Historically, the opening stages of the battle represented by this scenario resulted in Federal troops of Scammon's Brigade pushing Garland's Confederates off the Ridge Road and threatening Wise's Farm.  The later arrival of two regiments from Anderson's Brigade at Fox Gap was not enough to counter the momentum of the Federals especially having been reinforced by Crook's Brigade.  Garland fell early in the action and Rutherford B. Hayes (later US President) suffered a wound.

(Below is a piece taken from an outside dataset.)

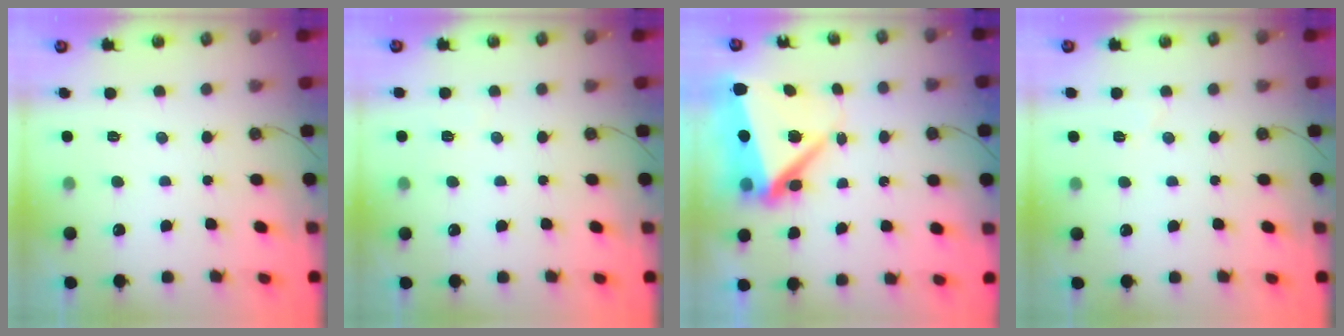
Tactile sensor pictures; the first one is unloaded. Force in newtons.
{"total": 2.1, "press": 2.1, "slide": 0.5}
{"total": 11.9, "press": 11.6, "slide": 2.5}
{"total": 2.9, "press": 2.4, "slide": 1.7}

The Fox Gap scenario represents the distilling of my thoughts on this action for play under Two Flags - One Nation.  With a scenario foundation and its constraints in place, time to playtest the scenario.  Keep in mind, Fox Gap is simply an initial draft of the scenario as I stake out a baseline from which to build and refine.  Battle will be fought using Norm's latest addenda of limiting hits when defender claims cover.  With only one brigade per side, keeping one's brigade in command will be a challenge.  The Federals, with the aid of Cox, will have less difficulty keeping their command coordinated than will Garland.  Bondurrant's battery seems deployed a bit too forward at the beginning of battle.  Perhaps up on the Ridge Road would have made a sensible choice?    

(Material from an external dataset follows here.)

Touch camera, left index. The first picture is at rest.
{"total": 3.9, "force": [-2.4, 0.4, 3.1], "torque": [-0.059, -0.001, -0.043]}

In theory, the foundation and premise of the scenario appears reasonable and follows the historical situation.  Only multiple playtests will confirm this initial assessment.  Once the early morning scenario produces the desired results, Fox Gap can be expanded to include the later reinforcements of both Crook's Federal brigade and elements of Anderson's Confederate brigade.

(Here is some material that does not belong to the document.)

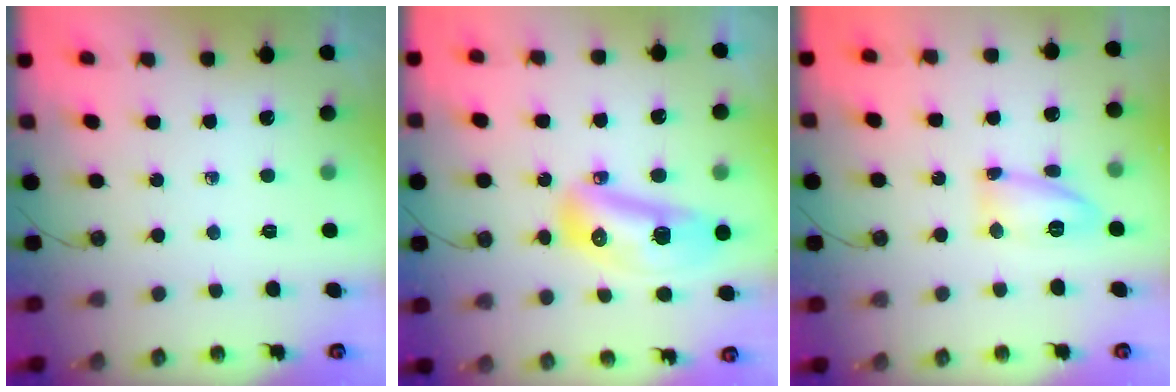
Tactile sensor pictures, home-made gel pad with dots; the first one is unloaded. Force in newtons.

Feedback on the scenario is encouraged.

Tuesday, October 3, 2017

An Assyrian Summer: A Pass-in-Review

While the Assyrian Army is still in the "build" stage, it has reached a logical place for holding a Pass-in-Review.  Since the beginning of summer, a number of units for this project have crossed over the painting desk.  A number of units is an understatement.  Before the summer began, only the chariots and two heavy infantry units could muster out for the project.  The two heavy infantry units only deployed in late April of this year. The nine chariots all experienced refurbishing, rebasing (twice!), and augmentation with infantry support during the summer months.  Sometimes, the project seemed to dominate my efforts to the exclusion of all else.  Looking back at the Painting Log, that was not the case but it sure seemed like it.
On display are 34 units that comprise the Assyrian Army in its current state.  By figure counts, the Army contains, 9 chariots with riders and teams, 26 horse, and 226 foot.  A good sized army in any Rules List.  Geared towards Impetvs, perhaps even two armies could be built from the collection on display.  Three manufacturers are found in the Assyrian ranks including Wargames Foundry, Newline Designs, and Black Tree Designs.
Having longed for a Biblical Army for several years, it is rewarding to see that quest realized.  The next step is to get the collection into action on the gaming table.
Arrayed out on the table, the Assyrians provide an inviting spectacle.  As mentioned in an earlier post, nearly four feet of chariots make up the battle line.  Even given the current state of the project, many figures remain in The Lead Pile from which to draw more potential units.  Yes, I likely over bought but restraint is difficult. 
While this post provides a grand overview of the units thus far in the collection, the header bar now carries a 25mm Assyrian Wars Gallery so that the individual units can be viewed.  Units will be added into the gallery as they are completed.  Perhaps a 2018 goal should be to build (up-to-date) galleries for some of my other collections?  Getting the 28mm Napoleonic Peninsular War project into a separate gallery would be a good start.